Step 1: Understanding Rational Curves
A rational curve of degree \(d\) in \(\mathbb{CP}^2\) can be represented by a map \(\mathbb{CP}^1 \to \mathbb{CP}^2\) that has degree \(d\). Such curves can be thought of as the images of a rational parameterization of degree \(d\).
Step 2: Conditions for Passing Through Points
A degree \(d\) rational curve can be defined by a polynomial equation of degree \(d\) in homogeneous coordinates. To find how many such curves pass through a given set of points, we need to take into account:
- The total number of points that the curve can pass through.
- The constraints imposed by those points being in general position.
Step 3: Counting Curves
When we have \(3d - 1\) points in general position, we need to count how many degree \(d\) curves can pass through these points.
- The degree \(d\) rational curves in \(\mathbb{CP}^2\) correspond to a degree \(d\) homogeneous polynomial, and the number of such curves that pass through \(m\) general points can be computed using a formula derived from intersection theory.
Step 4: Application of the Formula
The general formula for counting the number of degree \(d\) rational curves passing through \(m\) points in general position in \(\mathbb{CP}^2\) is given by:
\[ N(d,m) = \binom{m - 1}{d - 1} \]
provided that \(m \geq 3d - 1\).
In our case, since \(m = 3d - 1\):
\[ N(d, 3d - 1) = \binom{(3d - 1) - 1}{d - 1} = \binom{3d - 2}{d - 1} \]
Conclusion
Thus, the number of degree \(d\) rational curves in \(\mathbb{CP}^2\) that pass through \(3d - 1\) points in general position is:
\[ \boxed{\binom{3d - 2}{d - 1}} \]
This question was mostly just for fun, to see what kind of answer ChatGPT-4 would give to a question of fundamental importance in enumerative geometry, and which I understand deeply and completely.
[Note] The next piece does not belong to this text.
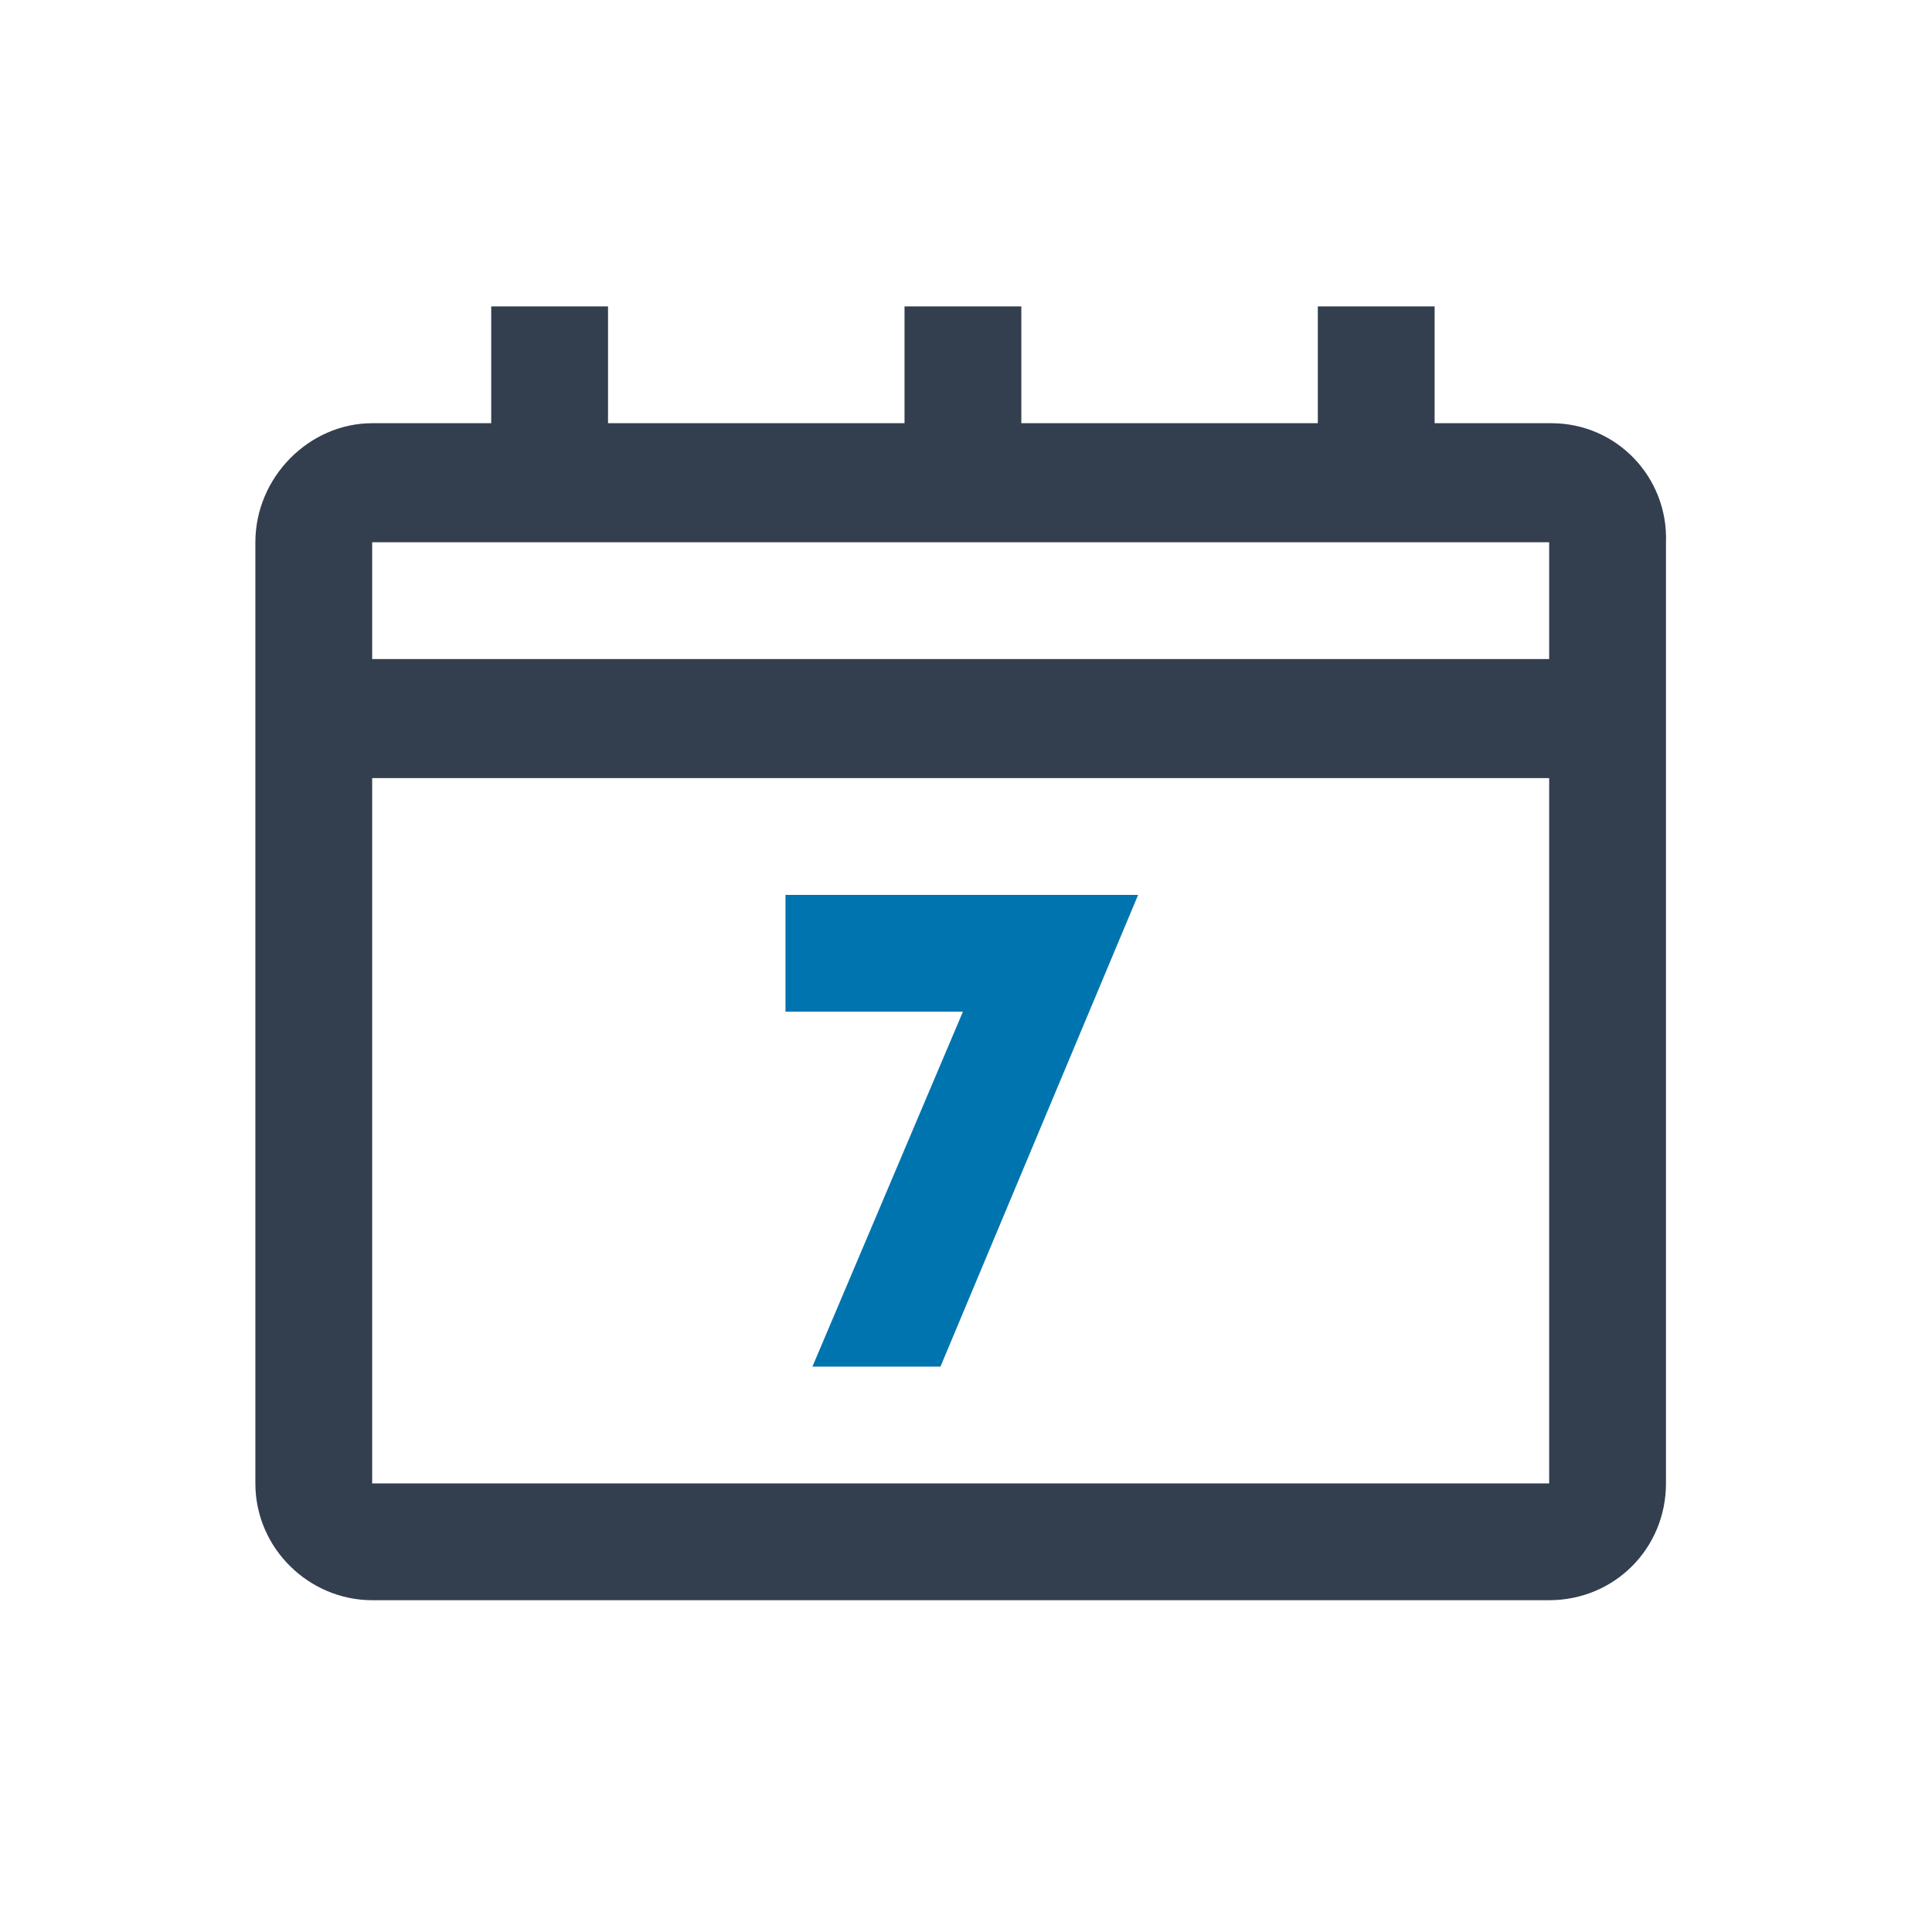 <?xml version="1.0" encoding="UTF-8" standalone="no"?><!DOCTYPE svg PUBLIC "-//W3C//DTD SVG 1.1//EN" "http://www.w3.org/Graphics/SVG/1.1/DTD/svg11.dtd"><svg width="100%" height="100%" viewBox="0 0 4517 4517" version="1.1" xmlns="http://www.w3.org/2000/svg" xmlns:xlink="http://www.w3.org/1999/xlink" xml:space="preserve" xmlns:serif="http://www.serif.com/" style="fill-rule:evenodd;clip-rule:evenodd;stroke-linejoin:round;stroke-miterlimit:2;"><g id="Layer4"><path d="M3627.21,989.456l-273.082,0l0,-273.081l-273.082,0l0,273.081l-693.204,0l0,-273.081l-273.078,0l0,273.081l-693.208,0l0,-273.081l-273.078,0l0,273.081l-278.334,0c-147.044,0 -273.081,126.038 -273.081,278.33l0,2200.4c0,152.292 126.037,273.078 273.081,273.078l2751.81,0c152.296,0 273.082,-120.786 273.082,-273.078l0,-2200.4c5.251,-152.292 -115.535,-278.33 -267.83,-278.33Zm0,2478.73l-2757.07,0l0,-1648.99l2751.81,0l0,1648.99l5.252,0Zm0,-1927.32l-2757.07,0l0,-273.082l2751.81,0l0,273.082l5.252,0Z" style="fill:#333f4f;fill-rule:nonzero;"/><path d="M1899.44,3195.11l299.34,0l462.135,-1102.83l-824.494,0l0,273.081l414.871,0l-351.852,829.745Z" style="fill:#0074ae;fill-rule:nonzero;"/></g></svg>

And indeed, ChatGPT-4’s answer is a confidently stated hallucination, disconnected with any sort of mathematical reality.
The correct answer is given by the initial condition \(N_1 = 1\) and by the recursion formula:
\[ N_d = \sum_{k+l = d} N_k\cdot N_l \cdot \left( k^2\cdot l^2 \cdot \binom{3d-4}{3k-2} - k^3\cdot l \cdot \binom{3d-4}{3k-1} \right) \]
The proof rests upon the enumerative foundations provided by the Gromov–Witten axioms. An understanding of the splitting axiom, the divisor axiom, and the fundamental class axiom are necessary to derive the above recursive formula.